A cross-sectional study was conducted from November 2016 to March 2017 in and around Alage ATVET College, southwestern Ethiopia, with the objective of determining the prevalence of poultry coccidiosis and its associated risk factors in intensively and backyard managed chickens. Systematic random sampling technique was used to select the study samples. Fresh fecal samples were collected from a total of 451 chickens. Poultry fecal droppings floatation technique was used to detect coccidian oocyst. The result revealed that out of 451 chickens examined, 88 were positive for coccidiosis and the overall prevalence was 19.5% (88/451). According to the study 363 of chickens were found to be negative with a prevalence of 80.5% (363/451). The frequency of detection of oocyst in the fecal samples from exotic and local breed chicken were 20.7% and 17.7%, respectively. It showed statistically non-significant difference between the two breed groups (P=0.421, X2=0.646). The result also showed that the prevalence of coccidiosis between the sexes was 20.1% and 18.5 % in female and male chickens respectively.

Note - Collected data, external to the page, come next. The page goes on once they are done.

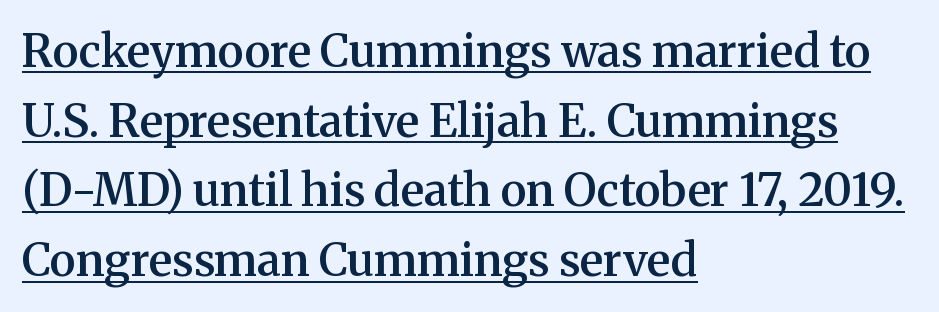
Q: Is the text bold? A: Semi-bold.
Q: Is the text italic (slanted)? A: No, it is upright.
Q: Is the typeface a serif or a sans-serif typeface? A: Serif.
Q: Is the text underlined? A: Yes.
Q: How is the paragraph aligned? A: Left-aligned.
Q: Is the spacing between letters normal or unusually wide? A: Normal.
Q: Is the spacing between lines tight, normal or loose? A: Normal.
Q: Width (condensed, normal, or wide)? A: Normal.
Q: Stroke contrast? A: Medium.
Q: x-height? A: Medium.
Q: Monospaced? A: No.
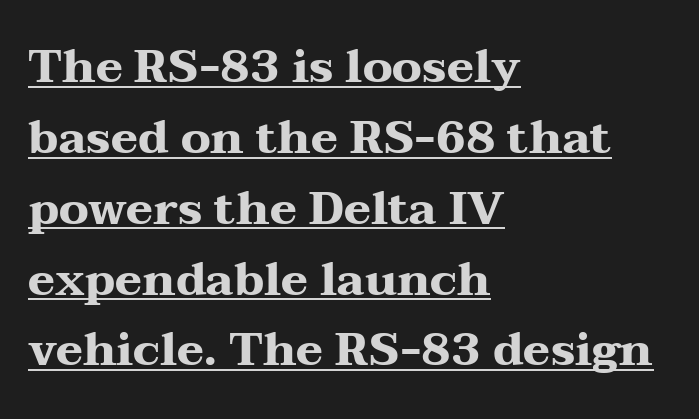
Typographically, this falls in the serif category. What's the leading like? Ordinary, nothing unusual. Line beginnings align vertically; line endings do not. Note the varied advance widths — an 'i' is clearly narrower than an 'm'. Chunky letters — that's bold for sure.
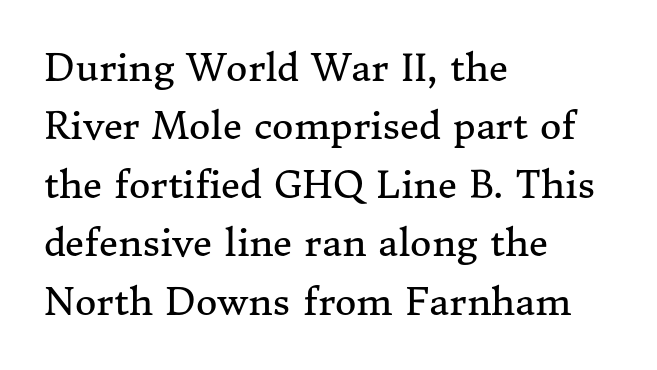
The image shows 37 px regular-weight serif type, upright; set left-aligned, normal line spacing (1.58x), normal letter spacing, not underlined; medium stroke contrast and a medium x-height.
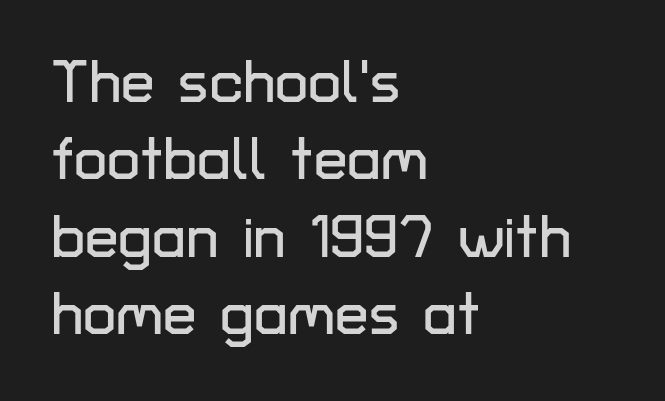
The image shows 60 px sans-serif type, upright; set left-aligned, normal line spacing (1.29x), normal letter spacing, not underlined; low stroke contrast and a medium x-height.
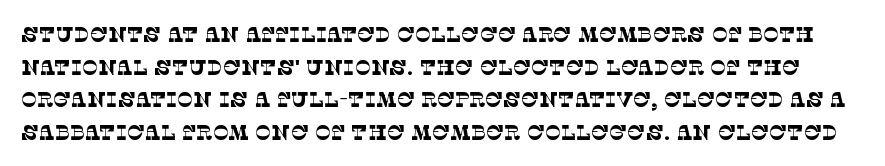
Ink coverage per letter is moderate at most. The area under the type is left untouched. Nothing unusual about the tracking: characters are spaced as the font intends. The lines sit at an ordinary, default distance from one another.
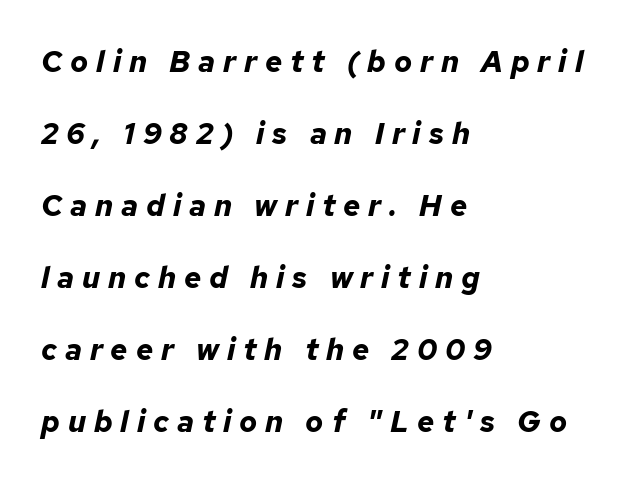
The image shows 30 px bold type, italic (leaning right); set left-aligned, loose line spacing (2.4x), unusually wide letter spacing (+0.26 em), not underlined; low stroke contrast and a medium x-height.
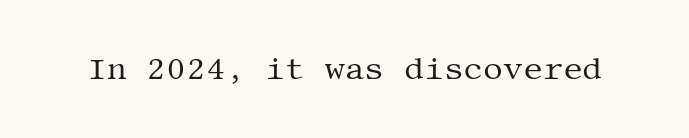
{"serif": "yes", "italic": "no", "bold": "no", "weight": "regular", "width": "normal", "stroke_contrast": "medium", "x_height": "large", "underline": "no", "letter_spacing": "normal", "letter_spacing_em": 0.0, "glyph_px": 31}

This result is statistically not significant between the two sexes (P=0.684, X2=0.1661). The prevalence rates of 22.5%, 10.9% and 9.3% were recorded in chicken grouped under the age category of 1-3 weeks, 4-6 weeks and of greater than 6 weeks, respectively. The prevalence among the age showed statistically significant difference (P=0.017, X2=8.1696) which was being higher in chickens up to 1-3 weeks of age (22.5%). The prevalence rates of 3.7% and 28.3% were also recorded in post-treated and non-treated chickens respectively and this difference in prevalence was statistically significant (P=0.000, X2=39.7269). Furthermore, coccidiosis occurrence in intensive farm was 20.6% and in backyard management system was 17.9% and this difference in prevalence was not statistically significant (P=0.477, X2=0.5053). The study showed that coccidiosis is important disease of poultry in and around Alage ATVETC south western Ethiopia and this is an indication for intervention to tackle the disease without any priority within the risk factors.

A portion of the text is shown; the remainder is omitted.